WHAT YOU NEED TO DO → Please repeat the listing below exactly, but do not include its pictures.

___ EXERCISE INPUT ___

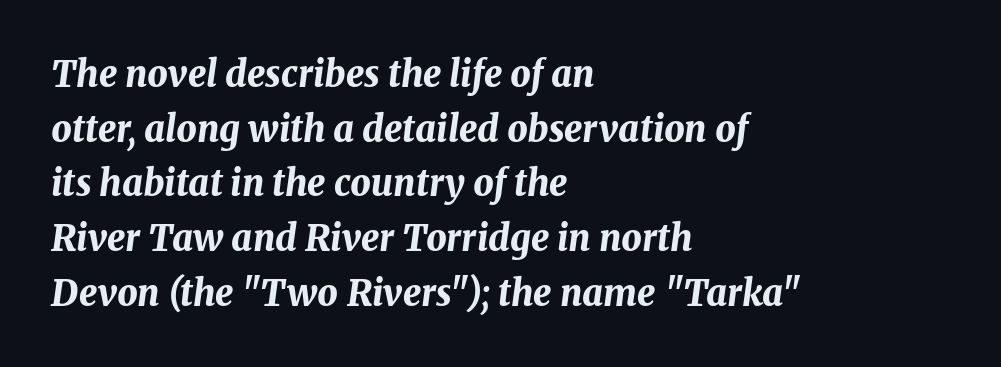
Q: Is the text bold? A: Yes.
Q: Is the text italic (slanted)? A: Yes, it leans right by about 8 degrees.
Q: Is the text underlined? A: No.
Q: How is the paragraph aligned? A: Left-aligned.
Q: Is the spacing between letters normal or unusually wide? A: Normal.
Q: Is the spacing between lines tight, normal or loose? A: Normal.
Q: Width (condensed, normal, or wide)? A: Normal.
Q: Stroke contrast? A: Medium.
Q: x-height? A: Medium.
Q: Monospaced? A: No.
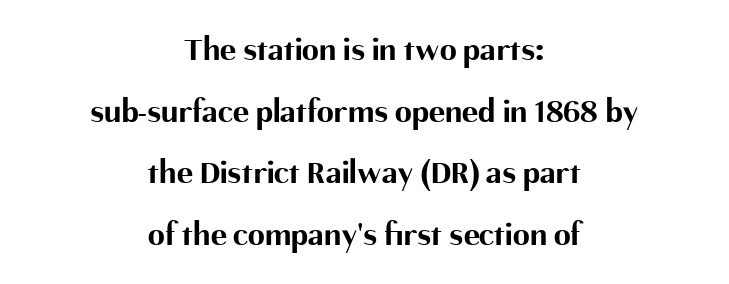
The glyphs in this specimen are sans serif. Chunky letters — that's bold for sure. The lettering holds an erect, upright posture throughout. Type without underlining.
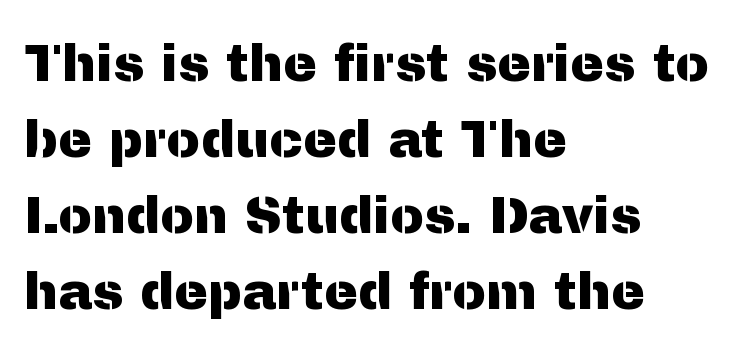
{"serif": "no", "italic": "no", "width": "normal", "stroke_contrast": "medium", "x_height": "medium", "monospaced": "no", "underline": "no", "align": "left", "line_spacing": "normal", "line_spacing_ratio": 1.49, "letter_spacing": "normal", "letter_spacing_em": 0.0, "glyph_px": 51}
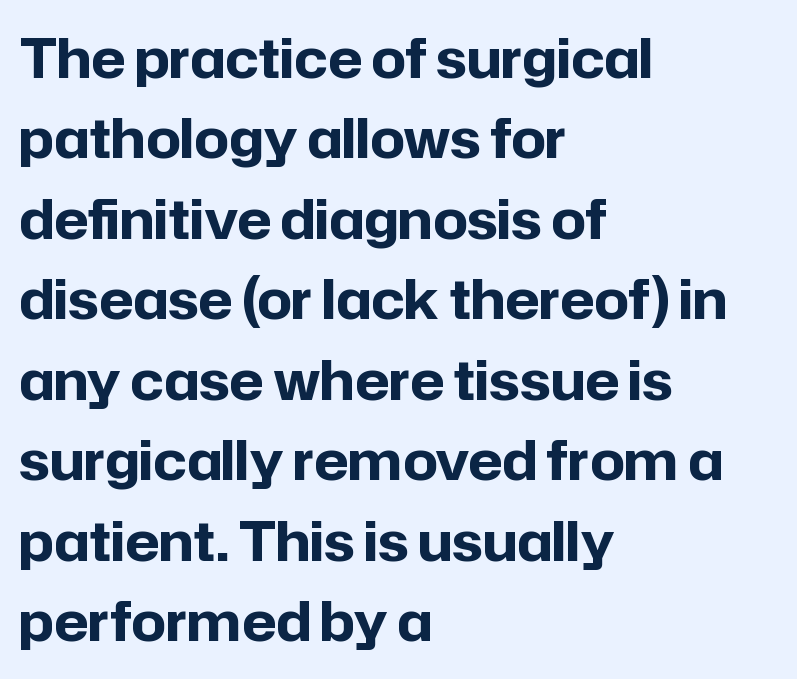
When letters stand straight like this, we call the style roman or upright. Classification — sans serif. The leading is moderate, giving the passage an even texture. Weight: bold.
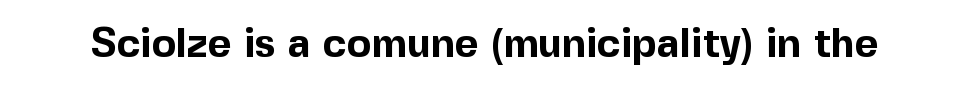
Does the weight exceed regular? Yes, all the way to bold. Has an underline been added? It has not. In terms of letterform style, serifs are entirely absent. A typesetter would call this proportional, since set widths differ per character.
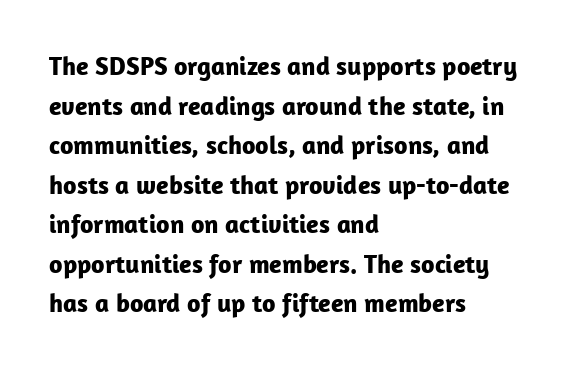
Q: Is the text bold? A: Yes.
Q: Is the text italic (slanted)? A: No, it is upright.
Q: Is the text underlined? A: No.
Q: How is the paragraph aligned? A: Left-aligned.
Q: Is the spacing between letters normal or unusually wide? A: Normal.
Q: Is the spacing between lines tight, normal or loose? A: Normal.
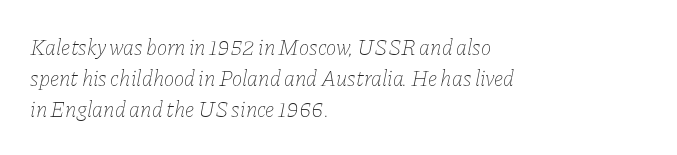
{"italic": "yes", "lean": "right", "slant_degrees": 11, "bold": "no", "underline": "no", "align": "left", "line_spacing": "normal", "line_spacing_ratio": 1.41, "letter_spacing": "normal", "letter_spacing_em": 0.0, "glyph_px": 22}
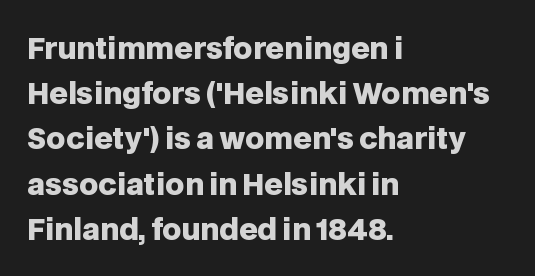
Q: Is the text bold? A: Yes.
Q: Is the text italic (slanted)? A: No, it is upright.
Q: Is the typeface a serif or a sans-serif typeface? A: Sans-serif.
Q: Is the text underlined? A: No.
Q: How is the paragraph aligned? A: Left-aligned.
Q: Is the spacing between letters normal or unusually wide? A: Normal.
Q: Is the spacing between lines tight, normal or loose? A: Normal.
Q: Width (condensed, normal, or wide)? A: Normal.
Q: Stroke contrast? A: Low.
Q: x-height? A: Large.
Q: Monospaced? A: No.
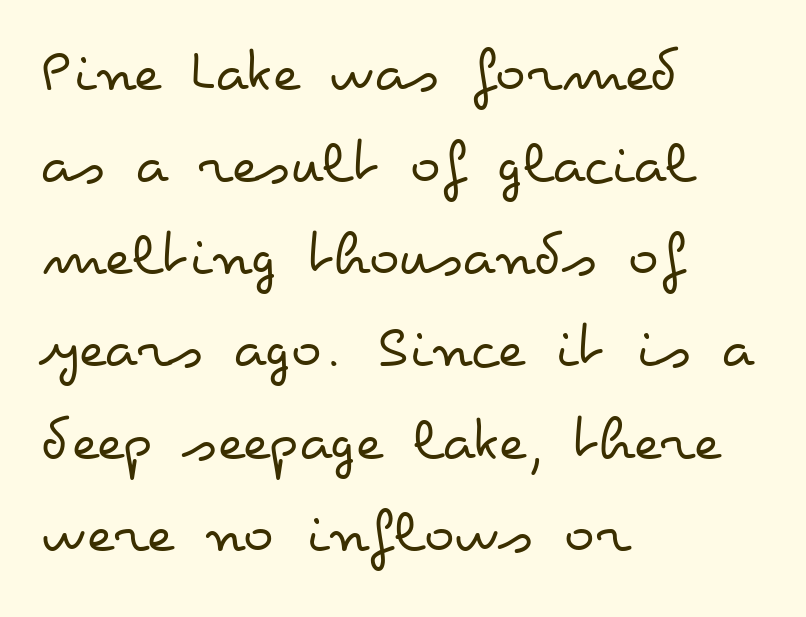
One-word summary of the alignment: left. Is the type heavy? It reads as light-to-regular instead. Character widths vary here, with narrow letters taking less room than wide ones. Ordinary non-slanted type is in use. The letterforms sit shoulder to shoulder at normal distance. Type without underlining.
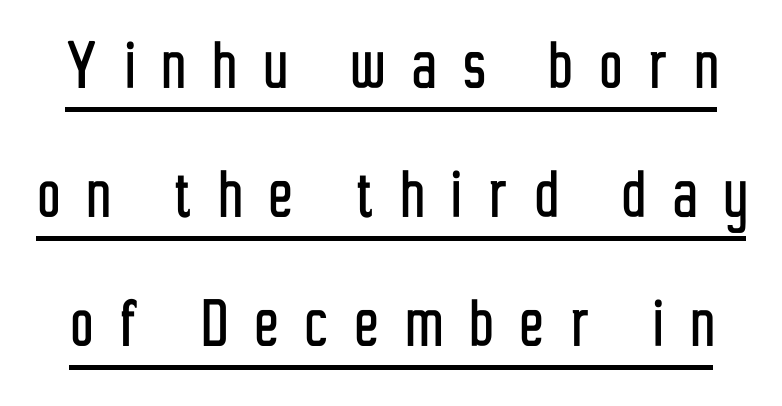
The image shows 76 px condensed sans-serif type, upright; set normal line spacing (1.7x), unusually wide letter spacing (+0.37 em), underlined; low stroke contrast and a medium x-height.
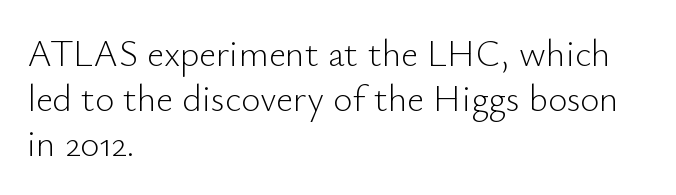
How are the letters spaced? Ordinarily, with no added tracking. Is this a sans? Yes — the strokes have no serifs. Is this a fixed-width face? No — the glyphs have proportional, varying widths. A light-to-regular cut is what we see here. The specimen omits any rule beneath the text block's lines. If you drew a ruler down the left edge, every line would touch it.
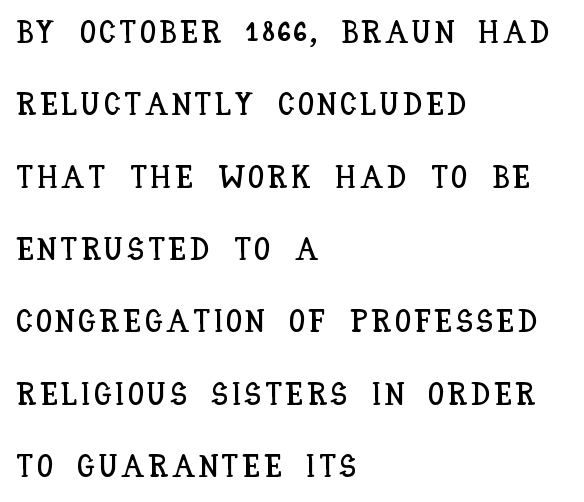
The image shows 32 px condensed type, upright; set left-aligned, loose line spacing (2.26x), not underlined; low stroke contrast and a large x-height.
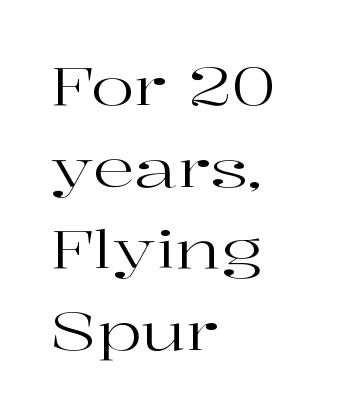
The image shows 52 px regular-weight, wide serif type, upright; set left-aligned, normal line spacing (1.57x), normal letter spacing, not underlined; high stroke contrast and a medium x-height.
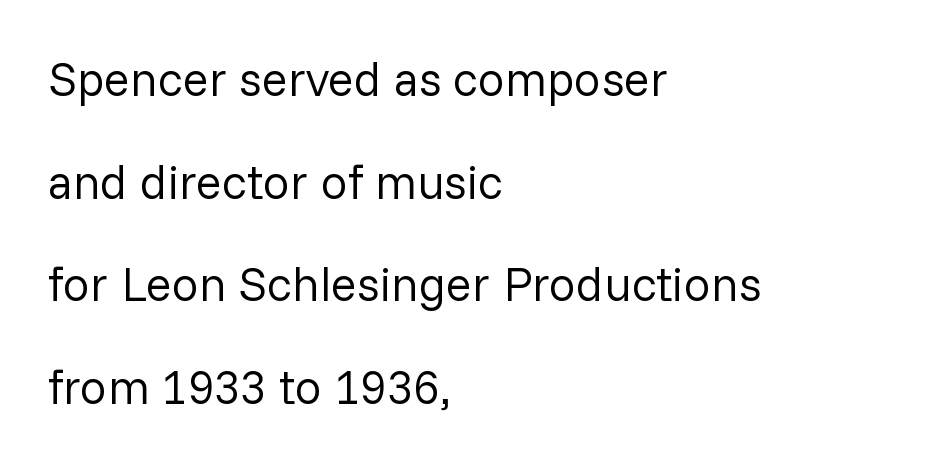
{"serif": "no", "italic": "no", "bold": "no", "weight": "regular", "width": "normal", "stroke_contrast": "low", "x_height": "medium", "monospaced": "no", "underline": "no", "align": "left", "line_spacing": "loose", "line_spacing_ratio": 2.14, "letter_spacing": "normal", "letter_spacing_em": 0.0, "glyph_px": 48}
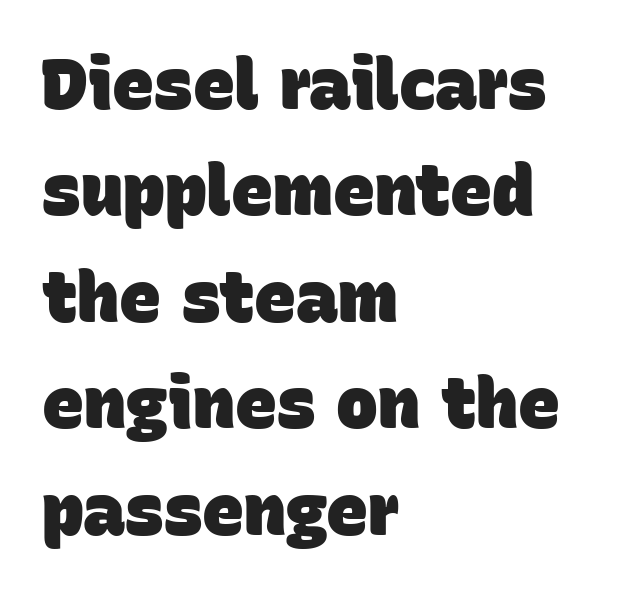
Q: Is the text bold? A: Yes.
Q: Is the typeface a serif or a sans-serif typeface? A: Sans-serif.
Q: Is the text underlined? A: No.
Q: How is the paragraph aligned? A: Left-aligned.
Q: Is the spacing between letters normal or unusually wide? A: Normal.
Q: Is the spacing between lines tight, normal or loose? A: Normal.
Q: Width (condensed, normal, or wide)? A: Normal.
Q: Stroke contrast? A: Low.
Q: x-height? A: Large.
Q: Monospaced? A: No.
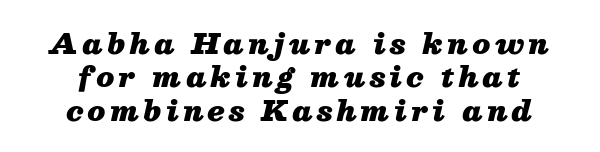
{"italic": "yes", "lean": "right", "slant_degrees": 13, "bold": "yes", "weight": "heavy", "width": "normal", "stroke_contrast": "medium", "x_height": "medium", "monospaced": "no", "underline": "no", "align": "center", "line_spacing_ratio": 1.19, "glyph_px": 28}
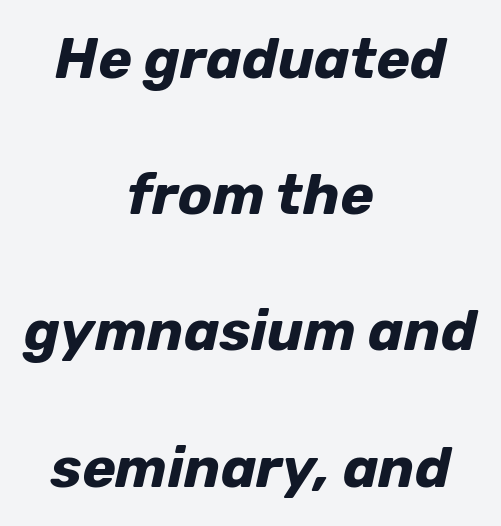
The image shows 57 px bold type, italic (leaning right); set centered, loose line spacing (2.39x), normal letter spacing, not underlined; low stroke contrast and a medium x-height.
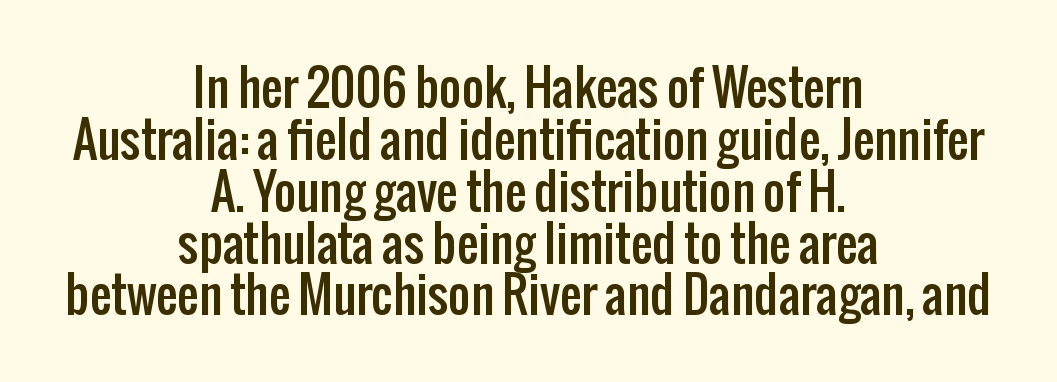
{"serif": "no", "italic": "no", "width": "condensed", "stroke_contrast": "low", "x_height": "medium", "monospaced": "no", "underline": "no", "align": "center", "line_spacing": "tight", "line_spacing_ratio": 1.08, "letter_spacing": "normal", "letter_spacing_em": 0.0, "glyph_px": 48}
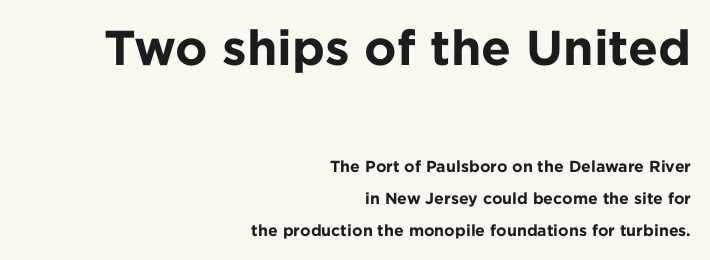
The image shows 49 px bold sans-serif type, upright; set right-aligned, loose line spacing (2.01x), normal letter spacing, not underlined; the first (top) block is 3.06x larger; low stroke contrast and a medium x-height.
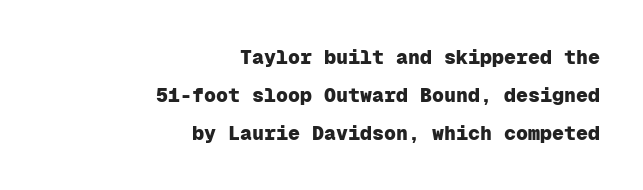
{"italic": "no", "bold": "yes", "underline": "no", "align": "right", "line_spacing": "loose", "line_spacing_ratio": 1.91, "letter_spacing": "normal", "letter_spacing_em": 0.0, "glyph_px": 20}
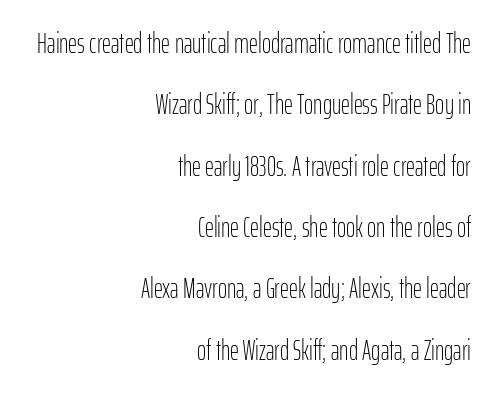
{"serif": "no", "italic": "no", "bold": "no", "weight": "light", "width": "condensed", "stroke_contrast": "low", "x_height": "medium", "monospaced": "no", "underline": "no", "align": "right", "line_spacing": "loose", "line_spacing_ratio": 2.19, "letter_spacing": "normal", "letter_spacing_em": 0.0, "glyph_px": 28}
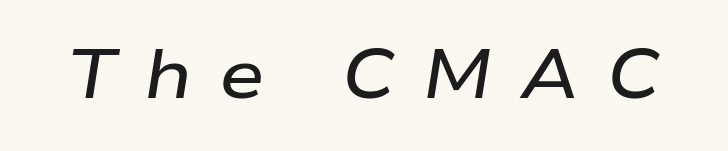
The image shows 69 px semibold, wide type, italic (leaning right); set unusually wide letter spacing (+0.39 em), not underlined; low stroke contrast and a medium x-height.

___

SOLUTION TO THE EXERCISE →
Q: Is the text bold? A: Yes.
Q: Is the text italic (slanted)? A: Yes, it leans right by about 8 degrees.
Q: Is the text underlined? A: No.
Q: How is the paragraph aligned? A: Left-aligned.
Q: Is the spacing between letters normal or unusually wide? A: Normal.
Q: Is the spacing between lines tight, normal or loose? A: Normal.
Q: Width (condensed, normal, or wide)? A: Normal.
Q: Stroke contrast? A: Medium.
Q: x-height? A: Medium.
Q: Monospaced? A: No.
The glyphs in this specimen are sans serif. Chunky letters — that's bold for sure. The lettering holds an erect, upright posture throughout. Type without underlining.
{"serif": "no", "italic": "no", "width": "normal", "stroke_contrast": "medium", "x_height": "medium", "monospaced": "no", "underline": "no", "align": "left", "line_spacing": "normal", "line_spacing_ratio": 1.49, "letter_spacing": "normal", "letter_spacing_em": 0.0, "glyph_px": 51}
When letters stand straight like this, we call the style roman or upright. Classification — sans serif. The leading is moderate, giving the passage an even texture. Weight: bold.
Does the weight exceed regular? Yes, all the way to bold. Has an underline been added? It has not. In terms of letterform style, serifs are entirely absent. A typesetter would call this proportional, since set widths differ per character.
Q: Is the text bold? A: Yes.
Q: Is the text italic (slanted)? A: No, it is upright.
Q: Is the text underlined? A: No.
Q: How is the paragraph aligned? A: Left-aligned.
Q: Is the spacing between letters normal or unusually wide? A: Normal.
Q: Is the spacing between lines tight, normal or loose? A: Normal.
{"italic": "yes", "lean": "right", "slant_degrees": 11, "bold": "no", "underline": "no", "align": "left", "line_spacing": "normal", "line_spacing_ratio": 1.41, "letter_spacing": "normal", "letter_spacing_em": 0.0, "glyph_px": 22}
Q: Is the text bold? A: Yes.
Q: Is the text italic (slanted)? A: No, it is upright.
Q: Is the typeface a serif or a sans-serif typeface? A: Sans-serif.
Q: Is the text underlined? A: No.
Q: How is the paragraph aligned? A: Left-aligned.
Q: Is the spacing between letters normal or unusually wide? A: Normal.
Q: Is the spacing between lines tight, normal or loose? A: Normal.
Q: Width (condensed, normal, or wide)? A: Normal.
Q: Stroke contrast? A: Low.
Q: x-height? A: Large.
Q: Monospaced? A: No.
One-word summary of the alignment: left. Is the type heavy? It reads as light-to-regular instead. Character widths vary here, with narrow letters taking less room than wide ones. Ordinary non-slanted type is in use. The letterforms sit shoulder to shoulder at normal distance. Type without underlining.
The image shows 76 px condensed sans-serif type, upright; set normal line spacing (1.7x), unusually wide letter spacing (+0.37 em), underlined; low stroke contrast and a medium x-height.
How are the letters spaced? Ordinarily, with no added tracking. Is this a sans? Yes — the strokes have no serifs. Is this a fixed-width face? No — the glyphs have proportional, varying widths. A light-to-regular cut is what we see here. The specimen omits any rule beneath the text block's lines. If you drew a ruler down the left edge, every line would touch it.
The image shows 32 px condensed type, upright; set left-aligned, loose line spacing (2.26x), not underlined; low stroke contrast and a large x-height.
The image shows 52 px regular-weight, wide serif type, upright; set left-aligned, normal line spacing (1.57x), normal letter spacing, not underlined; high stroke contrast and a medium x-height.
{"serif": "no", "italic": "no", "bold": "no", "weight": "regular", "width": "normal", "stroke_contrast": "low", "x_height": "medium", "monospaced": "no", "underline": "no", "align": "left", "line_spacing": "loose", "line_spacing_ratio": 2.14, "letter_spacing": "normal", "letter_spacing_em": 0.0, "glyph_px": 48}
Q: Is the text bold? A: Yes.
Q: Is the typeface a serif or a sans-serif typeface? A: Sans-serif.
Q: Is the text underlined? A: No.
Q: How is the paragraph aligned? A: Left-aligned.
Q: Is the spacing between letters normal or unusually wide? A: Normal.
Q: Is the spacing between lines tight, normal or loose? A: Normal.
Q: Width (condensed, normal, or wide)? A: Normal.
Q: Stroke contrast? A: Low.
Q: x-height? A: Large.
Q: Monospaced? A: No.
{"italic": "yes", "lean": "right", "slant_degrees": 13, "bold": "yes", "weight": "heavy", "width": "normal", "stroke_contrast": "medium", "x_height": "medium", "monospaced": "no", "underline": "no", "align": "center", "line_spacing_ratio": 1.19, "glyph_px": 28}
The image shows 57 px bold type, italic (leaning right); set centered, loose line spacing (2.39x), normal letter spacing, not underlined; low stroke contrast and a medium x-height.
{"serif": "no", "italic": "no", "width": "condensed", "stroke_contrast": "low", "x_height": "medium", "monospaced": "no", "underline": "no", "align": "center", "line_spacing": "tight", "line_spacing_ratio": 1.08, "letter_spacing": "normal", "letter_spacing_em": 0.0, "glyph_px": 48}
The image shows 49 px bold sans-serif type, upright; set right-aligned, loose line spacing (2.01x), normal letter spacing, not underlined; the first (top) block is 3.06x larger; low stroke contrast and a medium x-height.
{"italic": "no", "bold": "yes", "underline": "no", "align": "right", "line_spacing": "loose", "line_spacing_ratio": 1.91, "letter_spacing": "normal", "letter_spacing_em": 0.0, "glyph_px": 20}
{"serif": "no", "italic": "no", "bold": "no", "weight": "light", "width": "condensed", "stroke_contrast": "low", "x_height": "medium", "monospaced": "no", "underline": "no", "align": "right", "line_spacing": "loose", "line_spacing_ratio": 2.19, "letter_spacing": "normal", "letter_spacing_em": 0.0, "glyph_px": 28}
The image shows 69 px semibold, wide type, italic (leaning right); set unusually wide letter spacing (+0.39 em), not underlined; low stroke contrast and a medium x-height.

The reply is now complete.